= Louis F. Gottschalk =

American composer and conductor, member of the Gottschalk family

Louis Ferdinand Gottschalk (October 7, 1864 – July 15, 1934) was an American composer and conductor born in St. Louis, Missouri. He studied music in Stuttgart, Kingdom of Württemberg (in present-day Germany), where his father, a judge, was American consul. Louis Moreau Gottschalk was his great-uncle.

==Career==
He came to attention as conductor of the U.S. premiere of Franz Lehár's The Merry Widow. He was a pioneer of original film music, largely due to his work with independent filmmaker L. Frank Baum, for whom he composed the musical, The Tik-Tok Man of Oz, to Baum's libretto, which producer Oliver Morosco decided not to bring to Broadway after only modest success in Los Angeles.
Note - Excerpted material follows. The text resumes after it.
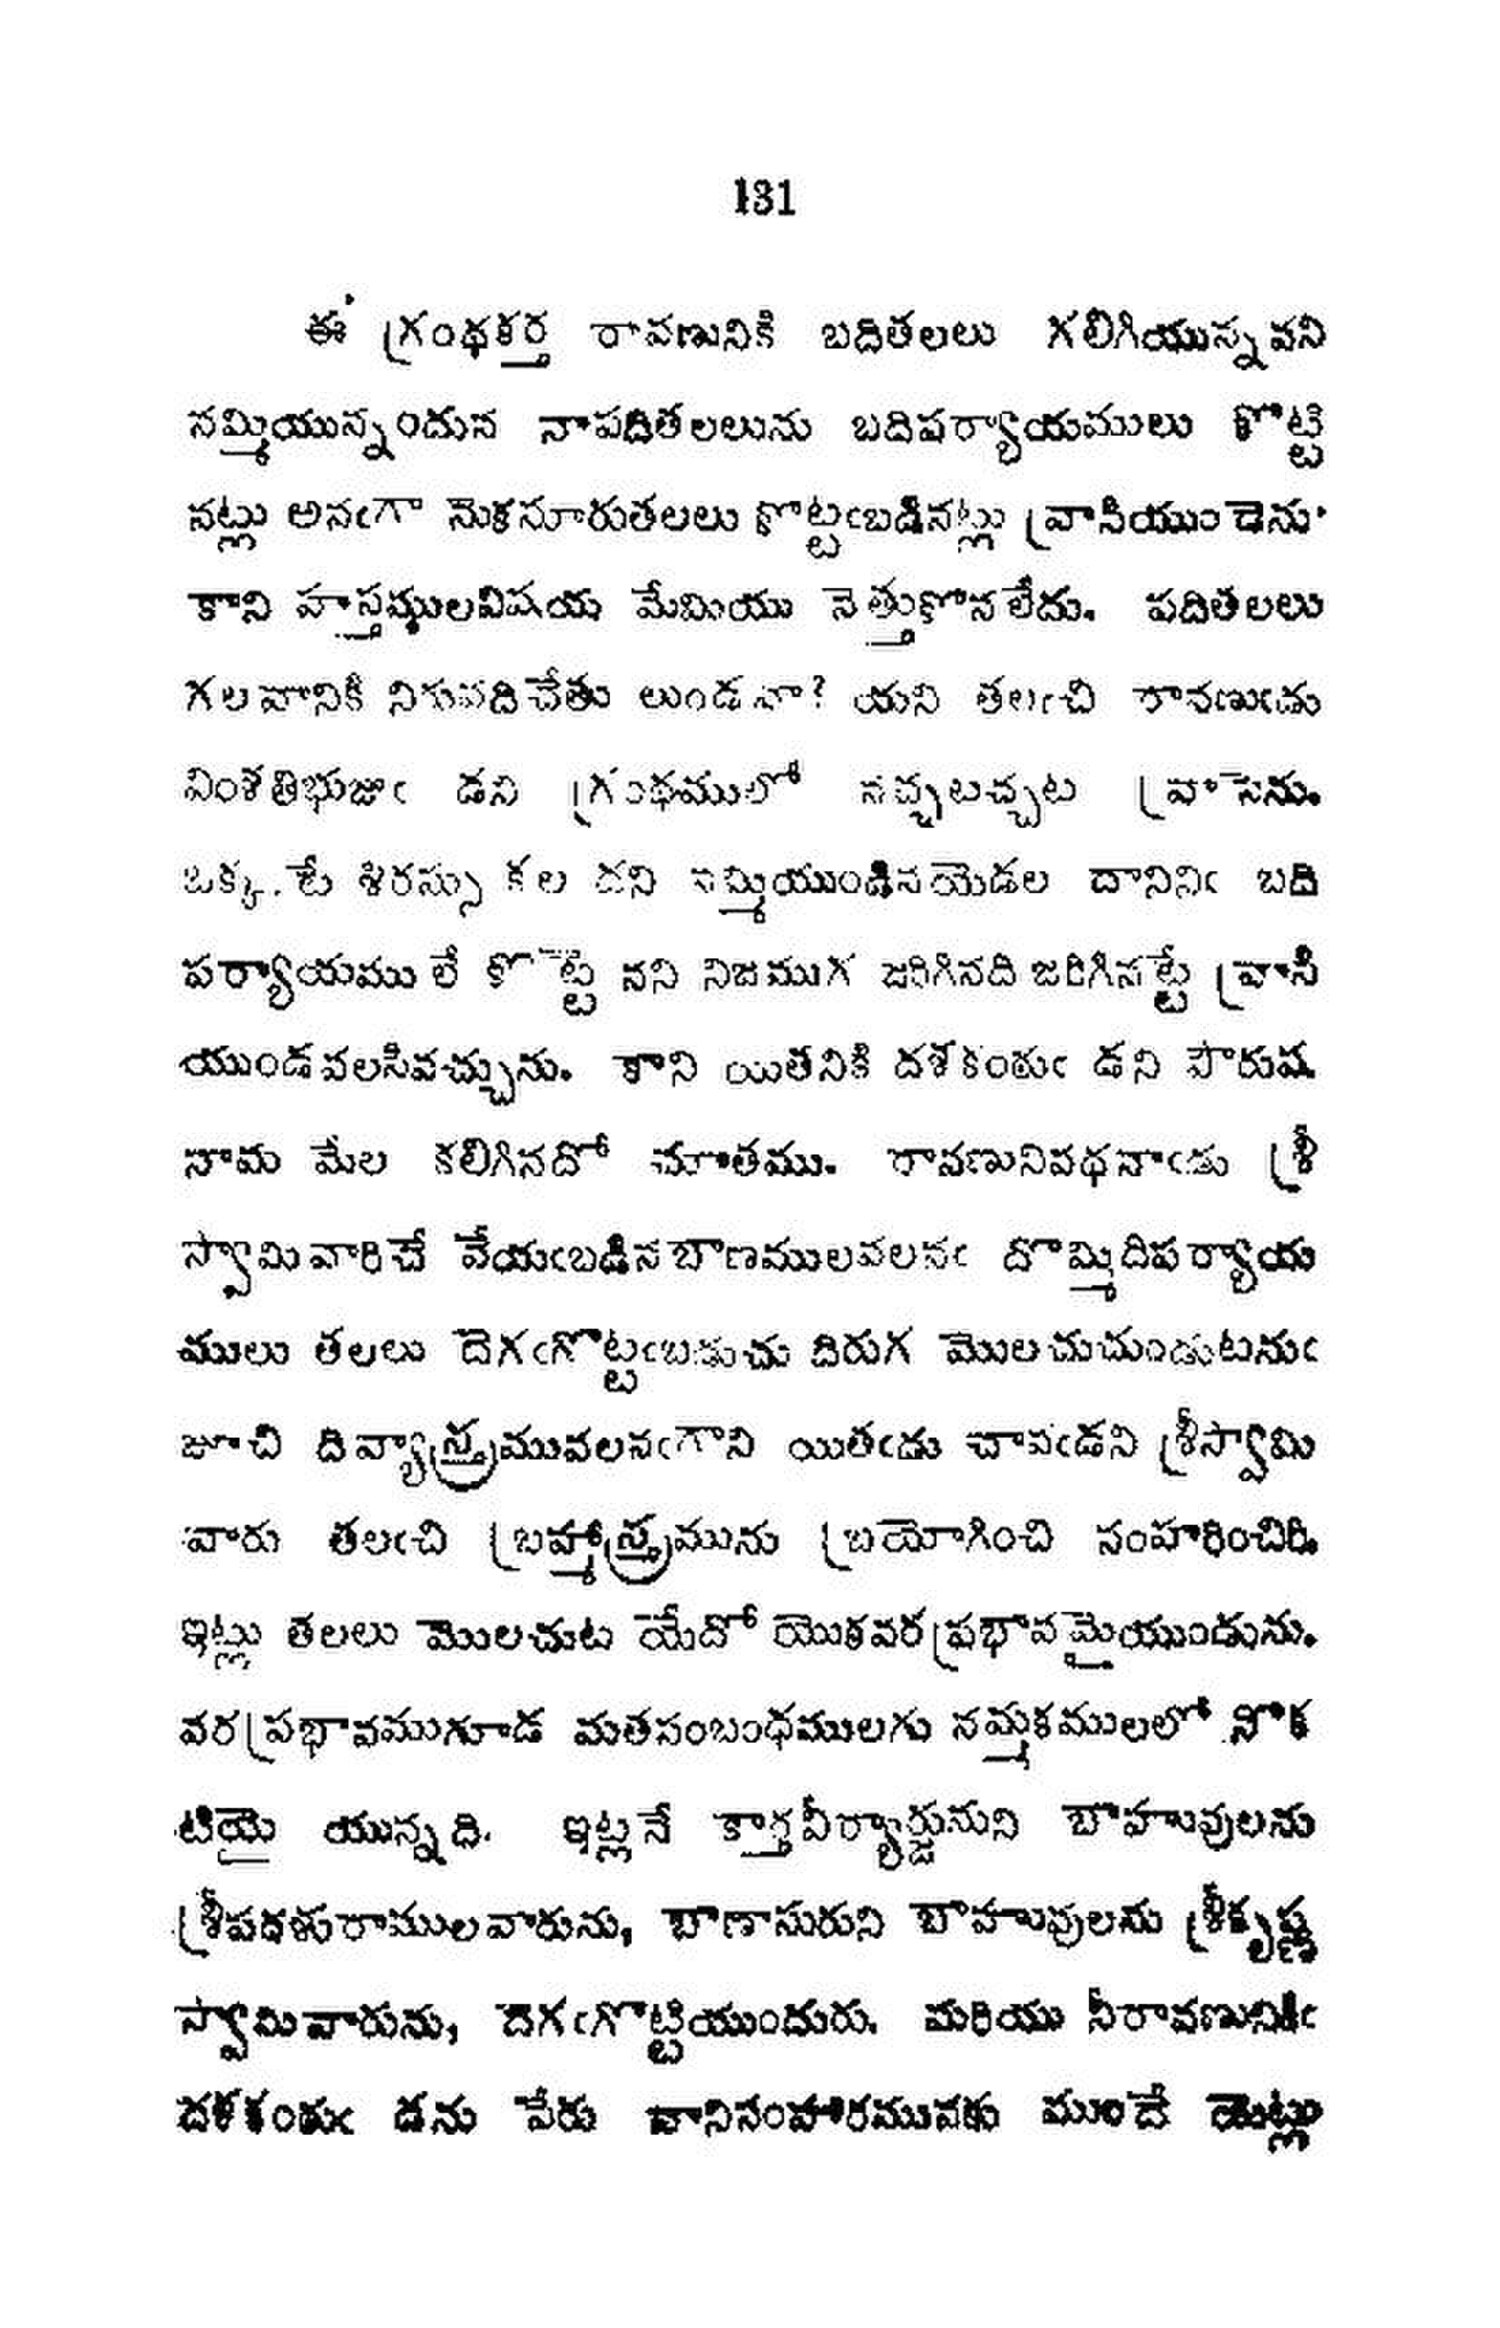ఈ గ్రంథకర్త రావణునికి బదితలలు గలిగియున్నవని నమ్మియున్నందున నాపదితలలును బదిపర్యాయములు కొట్టినట్లు అనఁగా నొకనూరుతలలు కొట్టఁబడినట్లు వ్రాసియుండెను' కాని హస్తములవిషయ మేమియు నెత్తుకొనలేదు. పదితలలు గలవానికి నిరువదిచేతు లుండవా? యని తలఁచి రావణుఁడు వింశతిభుజుఁ డని గ్రంథములో నచ్చటచ్చట వ్రాసెను. ఒక్కటే శిరస్సు కల దని నమ్మియుండినయెడల దానినిఁ బది పర్యాయములే కొట్టె నని నిజముగ జరిగినది జరిగినట్టే వ్రాసి
యుండవలసివచ్చును. కాని యితనికి దశకంఠుఁ డని పౌరుషనామ మేల కలిగినదో చూతము. రావణునివధనాఁడు శ్రీస్వామివారిచే వేయఁబడినబాణములవలనఁ దొమ్మిదిపర్యాయములు తలలు దెగఁగొట్టఁబడుచు దిరుగ మొలచుచుండుటనుఁ జూచి దివ్యాస్త్రమువలనఁగాని యితఁడు చావఁడని శ్రీస్వామివారు తలఁచి బ్రహ్మాస్త్రమును బ్రయోగించి సంహరించిరి. ఇట్లు తలలు మొలచుట యేదో యొకవరప్రభావమైయుండును. వరప్రభావముగూడ మతసంబంధములగు నమ్మకములలో నొకటియై యున్నది. ఇట్లనే కార్తవీర్యార్జునుని బాహువులను శ్రీపరశురాములవారును, బాణాసురుని బాహువులను శ్రీకృష్ణస్వామివారును, దెగఁగొట్టియుందురు. మరియు నీరావణునికిఁ దశకంఠుఁ డను పేరు వానిసంహారమువకు ముందే యెట్లు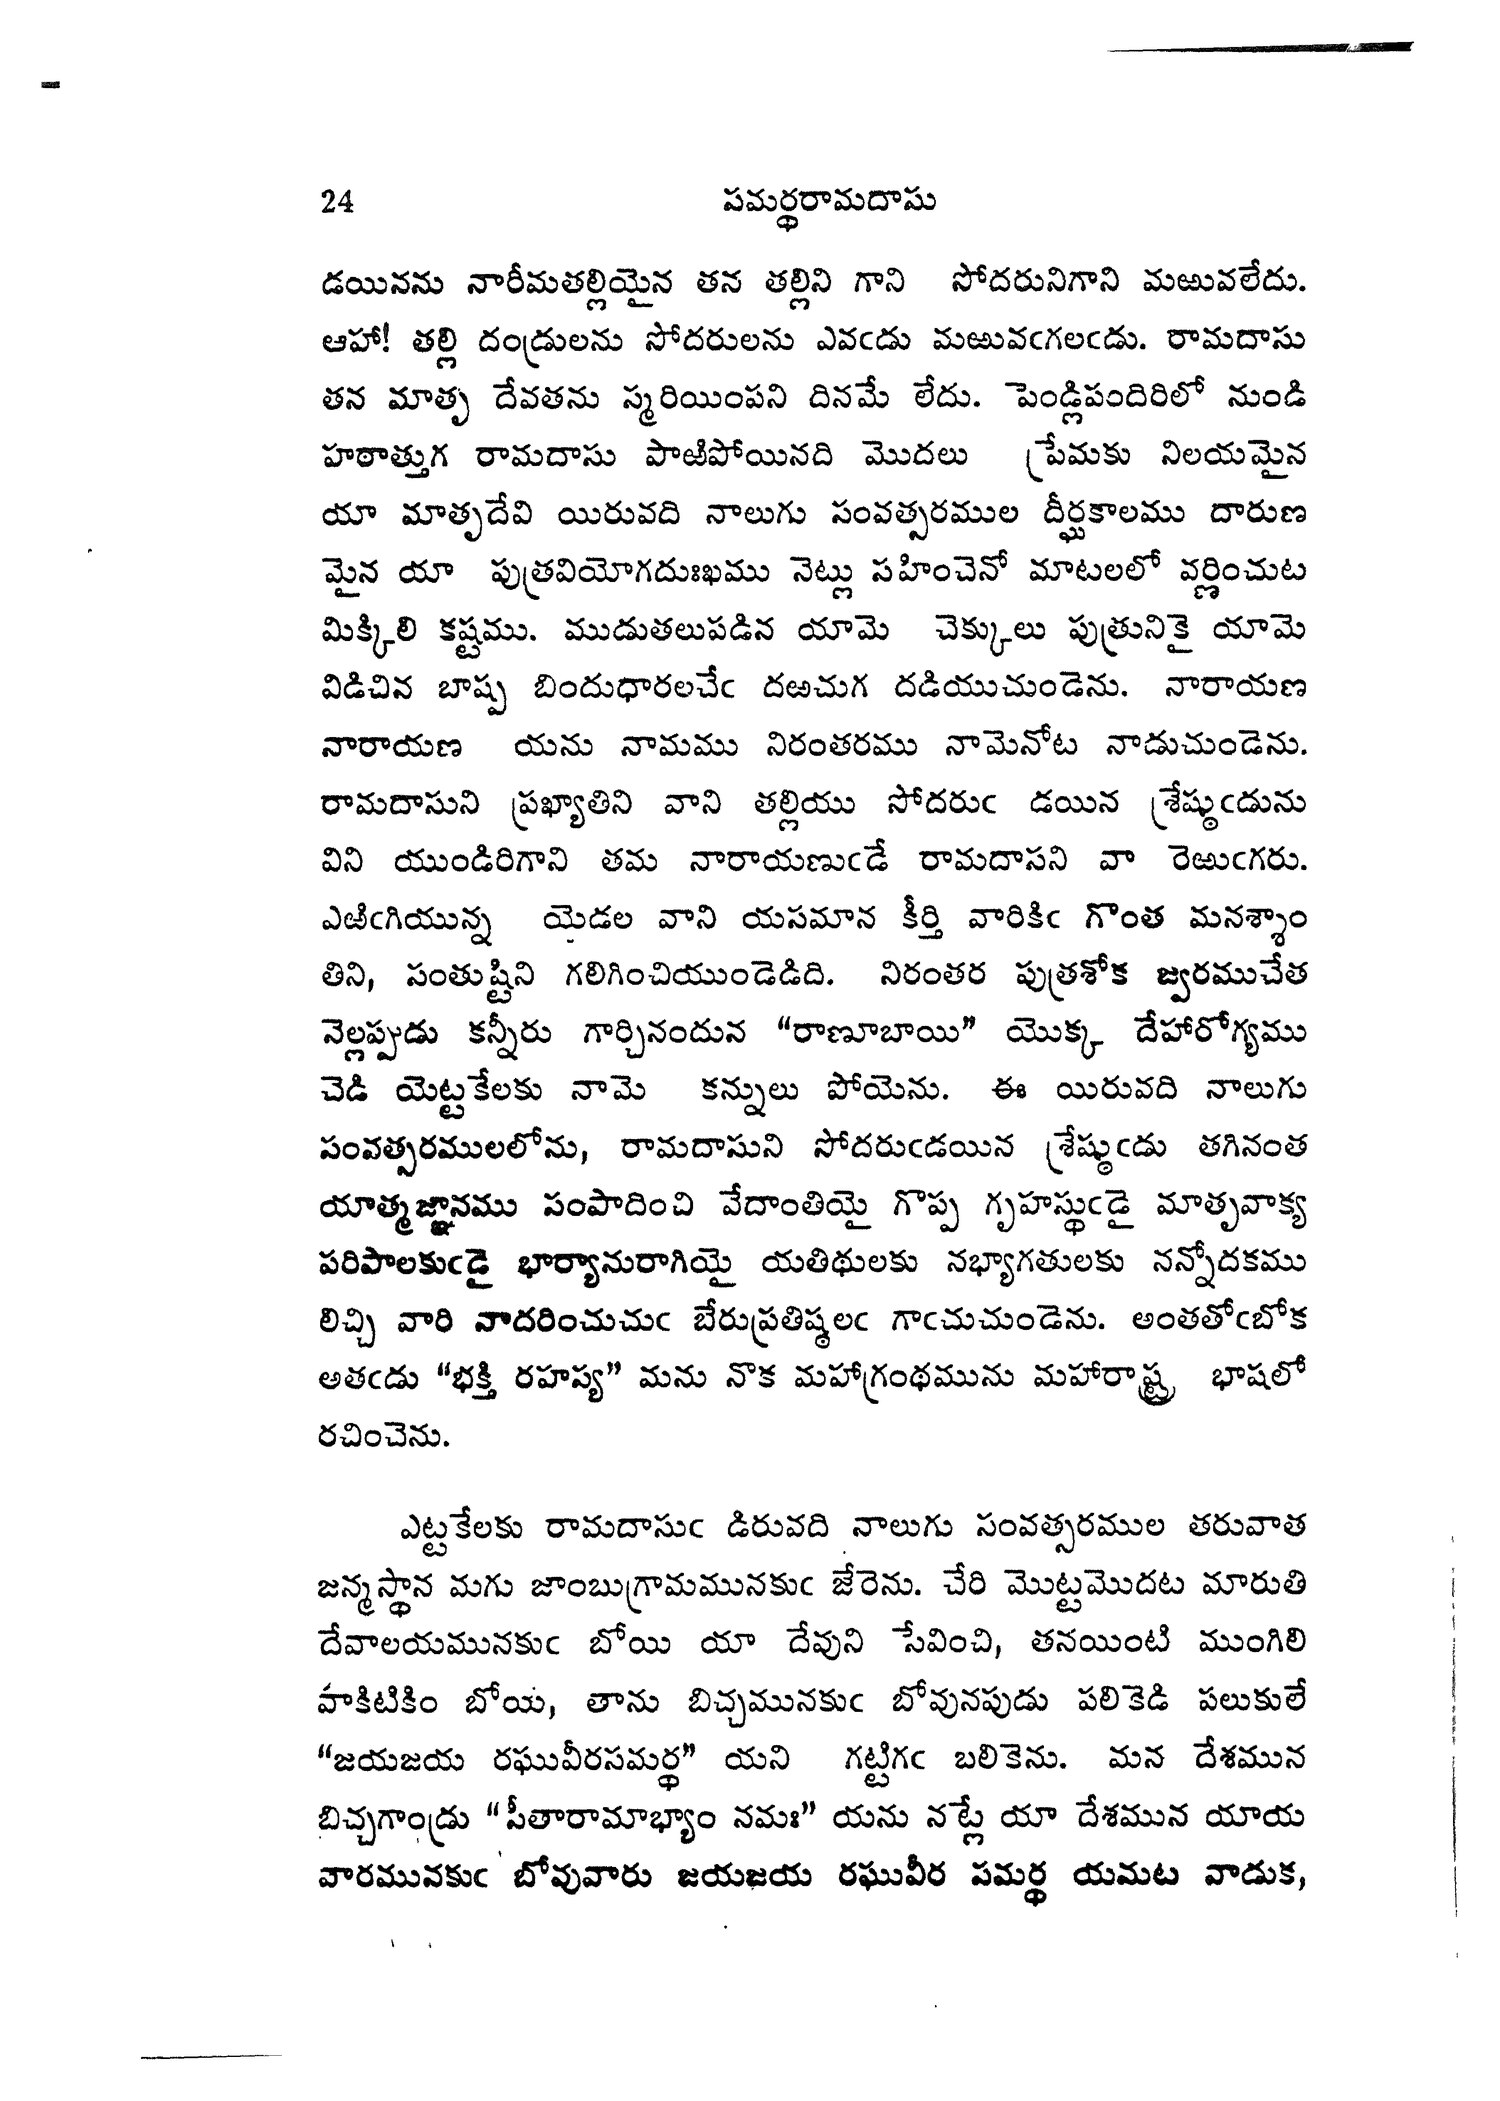డయినను నారీమతల్లియైన తన తల్లిని గాని సోదరునిగాని మఱువలేదు. ఆహా! తల్లి దండ్రులను సోదరులను ఎవడు మఱువగలడు. రామదాసు తన మాతృ దేవతను స్మరియింపని దినమే లేదు. పెండ్లిపందిరిలో నుండి హఠాత్తుగ రామదాసు పాఱిపోయినది మొదలు ప్రేమకు నిలయమైన యా మాతృదేవి యిరువది నాలుగు సంవత్సరముల దీర్ఘకాలము దారుణమైన యా పుత్రువియోగదు:ఖము నెట్లు వహించినో మాటలలో వర్ణించుట మిక్కిలి కష్టము. ముడుతలుపడిన యామె చెక్కులు పుత్రునికై యామె విడిచిన బాష్ప బిందుధారలచే దఱచుగ దడియుచుండెను. నారాయణ నారాయణ యను నామము నిరంతరము నామెనోట నాడుచుండెను. రామదాసుని ప్రఖ్యాతిని వాని తల్లియు సోదరు డయిన శ్రేష్ఠుడును విని యుండిరిగాని తమ నారాయణుడే రామదాసని వా రెఱుగరు. ఎఱిగియున్న యెడల వాని యసమాన కీర్తి వారికి గొంత మనశ్శాంతిని, సంతుష్టిని గలిగించియుండెడిది. నిరంతర పుత్రశోక జ్వరముచేత నెల్లప్పుడు కన్నీరు గార్చినందున "రాణూబాయి" యొక్క దేహారోగ్యము చెడి యెట్టకేలకు నామె కన్నులు పోయెను. ఈ యిరువది నాలుగు సంవత్సరములలోను, రామదాసుని సోదరుడయిన శ్రేష్ఠుడు తగినంత యాత్మజ్ఞానము సంపాదించి వేదాంతియై గొప్ప గృహస్థుడై మాతృవాక్య పరిపాలకుడై భార్యానురాగియై యతిథులకు నభ్యాగతులకు నన్నోదకములిచ్చి వారి నాదరించుచు బేరుప్రతిష్ఠల గాంచుచుండెను. అంతతో బోక ఆతడు "భక్తి రహస్య" మను నొక మహాగ్రంథమును మహారాష్ట్ర భాషలో రచించెను.

ఎట్టకేలకు రామదాసు డిరువది నాలుగు సంవత్సరముల తరువాత జన్మస్థాన మగు జాంబుగ్రామమునకు జేరెను. చేరి మొట్టమొదట మారుతి దేవాలయమునకు బోయి యా దేవుని సేవించి, తనయింటి ముంగిలి వాకిటికిం బోయి, తాను బిచ్చమునకు బోవునపుడు పలికెడి పలుకులే "జయజయ రఘువీరసమర్థ" యని గట్టిగ బలికెను. మన దేశమున బిచ్చగాండ్రు "సీతారామాభ్యాం నమ:" యను నట్లే యా దేశమున యాయ వారమునకు బోవువారు జయజయ రఘువీర సమర్థ యనుట వాడుక,

The show ran in 1913 and closed in early 1914, by which time Baum and Gottschalk were discussing getting involved in the nascent film industry that had been springing up in Hollywood, where both had been living at the time.

Baum, as president, with Gottschalk, as vice president, Harry Marston Haldeman as secretary, and Clarence R. Rundel as treasurer, founded The Oz Film Manufacturing Company in 1914 as an outgrowth of Haldeman's men's social group, The Uplifters, which met at the Los Angeles Athletic Club. As co-producer, Gottschalk composed the earliest known feature length film scores for The Patchwork Girl of Oz, The Magic Cloak of Oz, His Majesty, the Scarecrow of Oz, and The Last Egyptian (all 1914), at a time when cue sheets were the norm. He also wrote several stage musicals with Baum for The Uplifters, including Stagecraft, or, The Adventures of a Strictly Moral Man (1914), High Jinks (1914), The Uplift of Lucifer, or Raising Hell: An Allegorical Squazosh (1915), Blackbird Cottages (1916), and The Orpheus Road Show: A Paraphrastic Compendium of Mirth (1917).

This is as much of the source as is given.